Should you chill shortbread dough before baking? ›

After shaping the cookies, don't rush to the oven! Instead, chill the dough in the refrigerator for 30 minutes or so (overnight is OK, too). A short stay in the fridge will firm up the cookies and solidify the butter. This will help keep them from spreading too much.

What is the best brand of butter for shortbread cookies? ›

Spend extra when it really counts: If you're making a recipe where butter really is the star (think shortbread or biscuits), splashing out for a package of Kerrygold or Vital Farms is worth the expense. The fine differences in the flavor are most impactful in these recipes.

Why is shortbread unhealthy? ›

Why is shortbread considered to be bad for you? Shortbread is considered unhealthy because of the high butter content. How long do homemade shortbread cookies actually last? Depends on how you define that… they won't make you sick for weeks after they become unpalletable, which is after a couple of weeks at best.

Should butter be cold for shortbread? ›

If it's too warm, the butter and sugar cannot properly cream and the cookies will taste dense. Many shortbread recipes call for cold butter worked into the dry ingredients and that gives you a wonderfully flaky cookie but if not mixed properly, the results can be inconsistent.

Why do you put holes in shortbread? ›

The word "bread" comes from "biscuit bread" which was made from leftover bread dough that was sweetened and dried out in the oven to make biscuits. Why do you poke holes in shortbread? The holes allow the moisture to escape during baking and more even heat distribution. This helps dry out and crisp up the cookies.

What do Americans call shortbread? ›

Shortbread isn't a bread, it's what we Americans call a cookie.

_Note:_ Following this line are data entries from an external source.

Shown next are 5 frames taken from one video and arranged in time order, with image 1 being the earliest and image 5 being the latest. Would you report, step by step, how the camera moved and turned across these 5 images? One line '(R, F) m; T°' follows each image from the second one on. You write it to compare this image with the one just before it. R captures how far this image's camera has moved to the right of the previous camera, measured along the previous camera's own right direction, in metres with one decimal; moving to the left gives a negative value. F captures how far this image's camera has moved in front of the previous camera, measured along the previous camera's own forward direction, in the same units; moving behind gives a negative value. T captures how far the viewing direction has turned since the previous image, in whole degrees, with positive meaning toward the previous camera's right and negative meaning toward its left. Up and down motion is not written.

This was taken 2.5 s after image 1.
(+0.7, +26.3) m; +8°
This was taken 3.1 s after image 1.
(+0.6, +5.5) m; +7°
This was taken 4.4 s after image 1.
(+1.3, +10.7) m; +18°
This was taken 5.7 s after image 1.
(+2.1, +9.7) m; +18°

What is shortbread called in Scotland? ›

Triangular wedges of shortbread became known as "petticoat tails", and this form of shortbread has become particularly associated with Mary, Queen of Scots. It has been suggested that a French term for the wedges of shortbread was petit* gâteaux or petites gatelles – little cakes, and this became "petticoat tails".

Why is shortbread so expensive? ›

As shortbread was made with butter, sugar and flour, it would be both expensive and difficult to get hold of the ingredients, and so became synonymous with wealth, luxury and celebrations.

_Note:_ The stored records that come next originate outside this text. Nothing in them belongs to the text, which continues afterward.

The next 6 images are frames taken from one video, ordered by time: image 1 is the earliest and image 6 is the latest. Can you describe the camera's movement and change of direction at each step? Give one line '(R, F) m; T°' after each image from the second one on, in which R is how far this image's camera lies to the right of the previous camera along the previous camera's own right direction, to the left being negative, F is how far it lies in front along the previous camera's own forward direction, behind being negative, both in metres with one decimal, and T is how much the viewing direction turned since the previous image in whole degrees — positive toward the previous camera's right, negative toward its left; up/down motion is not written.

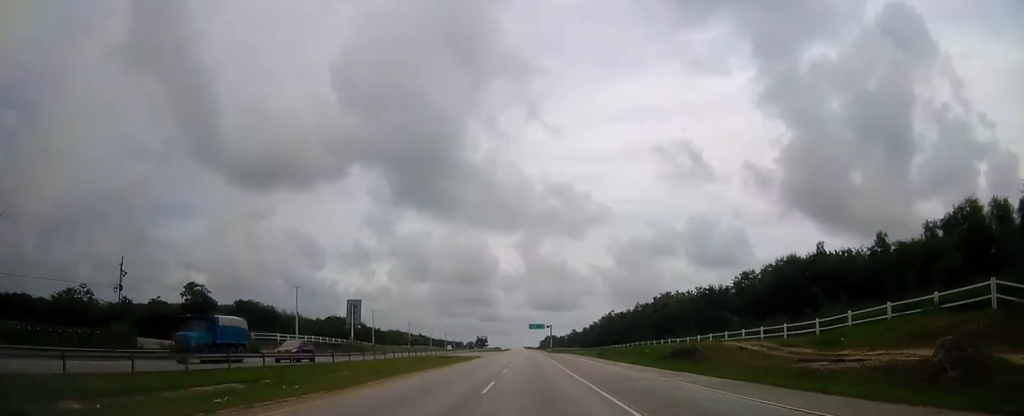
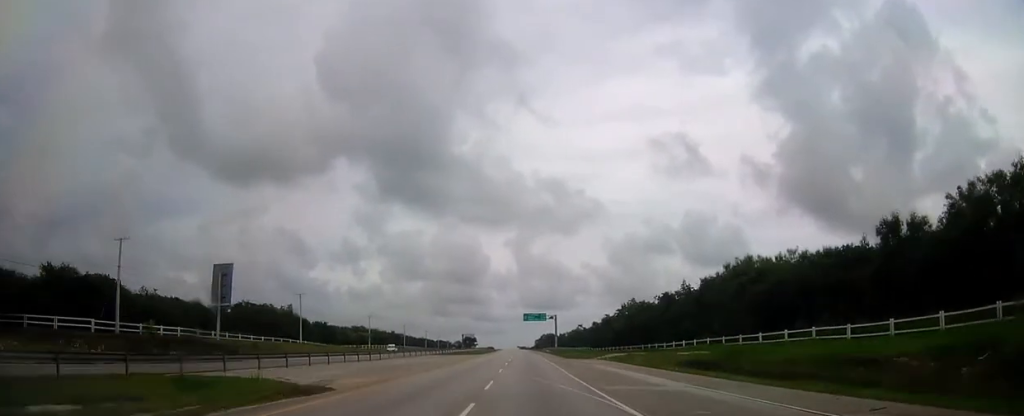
(0.0, +55.9) m; 0°
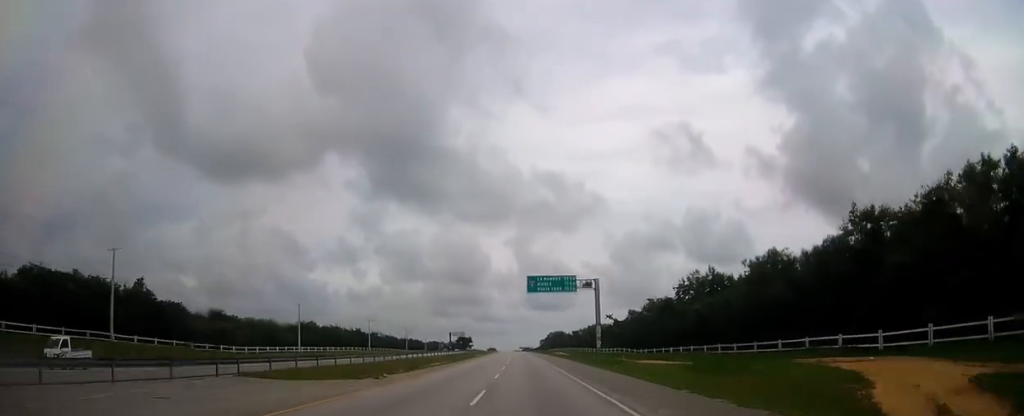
(+0.1, +65.2) m; 0°
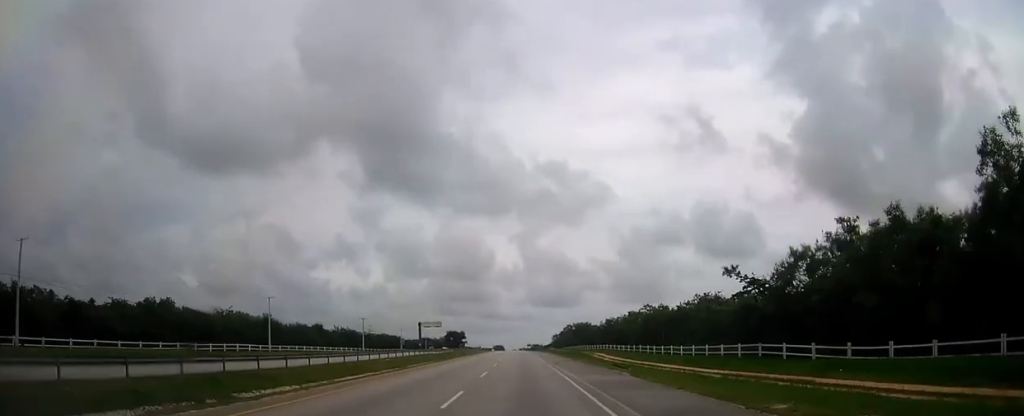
(-0.4, +84.8) m; -1°
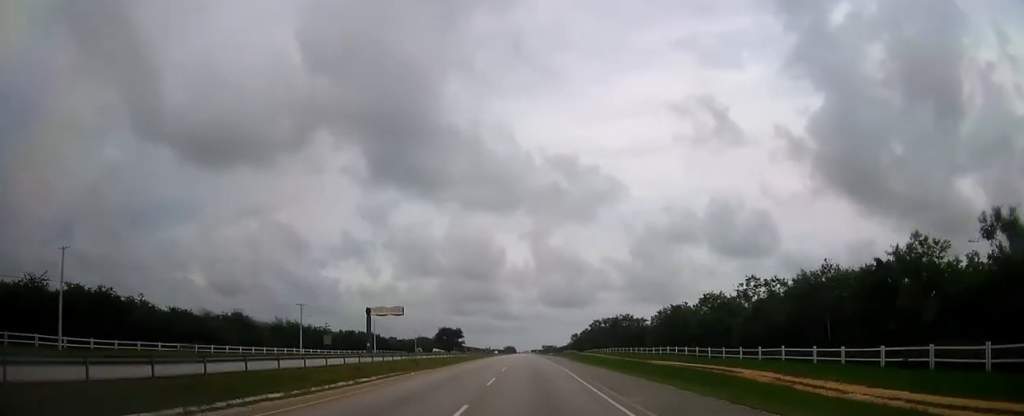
(-0.5, +63.3) m; -1°
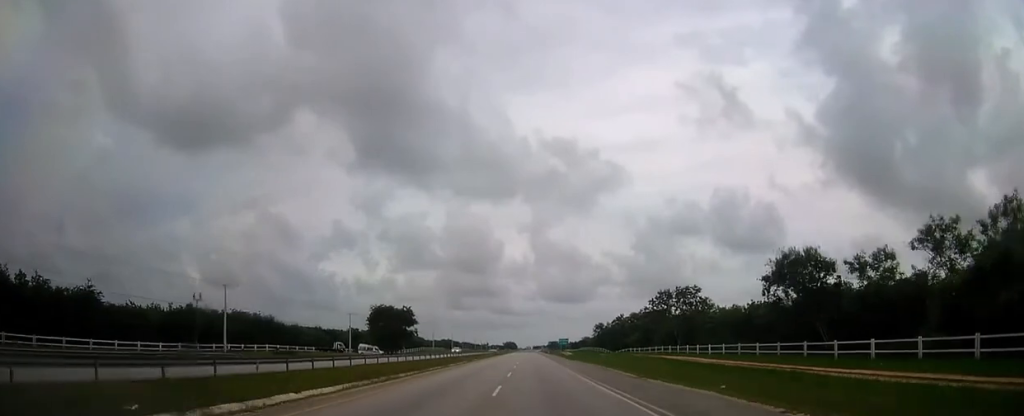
(-0.4, +100.3) m; 0°

What happens if you don't chill shortbread dough? ›

But in this shortbread cookie recipe, it really makes a difference. Chilling the dough helps the cookies hold their shape. If you don't chill your shortbread dough, the cookies will spread as they bake.

What are the disadvantages of shortbread? ›

Sugar provides a fast source of energy. There are rarely any artificial additives. Cons: Shortbread is a weight watcher's nightmare because it is extremely high in saturated fat and calories. Saturated fat is the 'bad' fat which is linked to artery-clogging high cholesterol and heart disease.

Should shortbread be crunchy or soft? ›

Shortbread should always have a tender, melting texture, but be slightly crisp when you bite into it. It should not generally be damp or wet underneath. A classic shortbread recipe will also only have flour, butter and sugar as the ingredients (in a 3:2:1 ratio) and not egg, which could lead to excess moisture.

What happens if you add too much butter to shortbread cookies? ›

Butter is an emulsifier and it makes cookies tender. It also adds in the crispy-around-the-edges element. Adding too much butter can cause the cookies to be flat and greasy. Adding too little butter can cause the cookies to be tough and crumbly.

Should shortbread cookies be soft or hard? ›

Shortbread should always have a tender, melting texture, but be slightly crisp when you bite into it. It should not generally be damp or wet underneath. A classic shortbread recipe will also only have flour, butter and sugar as the ingredients (in a 3:2:1 ratio) and not egg, which could lead to excess moisture.

Why did my shortbread cookies come out hard? ›

These proportions make shortbread a lot more dense compared to cookies, which means you could easily end up with shortbread that's hard and crunchy rather than buttery and crumbly. Per Cooktop Cove, this can occur when the dough has either been overworked or not chilled for long enough.